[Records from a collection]
# # # # # # #
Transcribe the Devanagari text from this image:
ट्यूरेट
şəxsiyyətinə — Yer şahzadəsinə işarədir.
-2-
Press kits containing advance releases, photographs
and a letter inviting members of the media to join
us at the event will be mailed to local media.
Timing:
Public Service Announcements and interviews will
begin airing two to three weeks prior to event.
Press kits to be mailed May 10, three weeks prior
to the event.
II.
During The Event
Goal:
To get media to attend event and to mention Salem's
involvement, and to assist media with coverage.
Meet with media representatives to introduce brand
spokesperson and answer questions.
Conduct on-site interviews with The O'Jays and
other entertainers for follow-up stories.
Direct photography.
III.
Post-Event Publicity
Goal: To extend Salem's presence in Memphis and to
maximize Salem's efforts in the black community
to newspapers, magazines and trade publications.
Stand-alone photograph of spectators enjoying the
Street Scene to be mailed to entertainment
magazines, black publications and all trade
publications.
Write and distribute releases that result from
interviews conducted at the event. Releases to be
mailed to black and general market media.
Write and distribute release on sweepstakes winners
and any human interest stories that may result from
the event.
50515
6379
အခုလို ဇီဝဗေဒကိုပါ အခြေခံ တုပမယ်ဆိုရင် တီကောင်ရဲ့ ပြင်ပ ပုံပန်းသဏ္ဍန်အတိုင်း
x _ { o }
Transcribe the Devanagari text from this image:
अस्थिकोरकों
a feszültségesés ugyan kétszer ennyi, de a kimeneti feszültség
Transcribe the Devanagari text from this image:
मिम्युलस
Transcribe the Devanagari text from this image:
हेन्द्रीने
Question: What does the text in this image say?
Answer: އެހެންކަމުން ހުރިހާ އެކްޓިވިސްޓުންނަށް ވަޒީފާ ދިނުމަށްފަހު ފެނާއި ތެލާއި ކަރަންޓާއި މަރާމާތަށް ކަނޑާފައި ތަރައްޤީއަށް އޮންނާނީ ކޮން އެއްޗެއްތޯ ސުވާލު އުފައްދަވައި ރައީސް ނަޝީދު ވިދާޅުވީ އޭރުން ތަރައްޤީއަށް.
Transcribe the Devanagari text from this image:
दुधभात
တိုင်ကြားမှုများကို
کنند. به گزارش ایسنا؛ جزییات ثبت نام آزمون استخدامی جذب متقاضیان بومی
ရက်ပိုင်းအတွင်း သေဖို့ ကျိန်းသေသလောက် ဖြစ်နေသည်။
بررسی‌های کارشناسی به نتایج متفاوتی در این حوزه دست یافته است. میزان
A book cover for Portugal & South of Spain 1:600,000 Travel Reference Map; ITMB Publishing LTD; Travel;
# # # # # # #
• **Directions for this task**
Give back every line of the data above exactly as written.

• **Answer section**
Transcribe the Devanagari text from this image:
ट्यूरेट
şəxsiyyətinə — Yer şahzadəsinə işarədir.
-2-
Press kits containing advance releases, photographs
and a letter inviting members of the media to join
us at the event will be mailed to local media.
Timing:
Public Service Announcements and interviews will
begin airing two to three weeks prior to event.
Press kits to be mailed May 10, three weeks prior
to the event.
II.
During The Event
Goal:
To get media to attend event and to mention Salem's
involvement, and to assist media with coverage.
Meet with media representatives to introduce brand
spokesperson and answer questions.
Conduct on-site interviews with The O'Jays and
other entertainers for follow-up stories.
Direct photography.
III.
Post-Event Publicity
Goal: To extend Salem's presence in Memphis and to
maximize Salem's efforts in the black community
to newspapers, magazines and trade publications.
Stand-alone photograph of spectators enjoying the
Street Scene to be mailed to entertainment
magazines, black publications and all trade
publications.
Write and distribute releases that result from
interviews conducted at the event. Releases to be
mailed to black and general market media.
Write and distribute release on sweepstakes winners
and any human interest stories that may result from
the event.
50515
6379
အခုလို ဇီဝဗေဒကိုပါ အခြေခံ တုပမယ်ဆိုရင် တီကောင်ရဲ့ ပြင်ပ ပုံပန်းသဏ္ဍန်အတိုင်း
x _ { o }
Transcribe the Devanagari text from this image:
अस्थिकोरकों
a feszültségesés ugyan kétszer ennyi, de a kimeneti feszültség
Transcribe the Devanagari text from this image:
मिम्युलस
Transcribe the Devanagari text from this image:
हेन्द्रीने
Question: What does the text in this image say?
Answer: އެހެންކަމުން ހުރިހާ އެކްޓިވިސްޓުންނަށް ވަޒީފާ ދިނުމަށްފަހު ފެނާއި ތެލާއި ކަރަންޓާއި މަރާމާތަށް ކަނޑާފައި ތަރައްޤީއަށް އޮންނާނީ ކޮން އެއްޗެއްތޯ ސުވާލު އުފައްދަވައި ރައީސް ނަޝީދު ވިދާޅުވީ އޭރުން ތަރައްޤީއަށް.
Transcribe the Devanagari text from this image:
दुधभात
တိုင်ကြားမှုများကို
کنند. به گزارش ایسنا؛ جزییات ثبت نام آزمون استخدامی جذب متقاضیان بومی
ရက်ပိုင်းအတွင်း သေဖို့ ကျိန်းသေသလောက် ဖြစ်နေသည်။
بررسی‌های کارشناسی به نتایج متفاوتی در این حوزه دست یافته است. میزان
A book cover for Portugal & South of Spain 1:600,000 Travel Reference Map; ITMB Publishing LTD; Travel;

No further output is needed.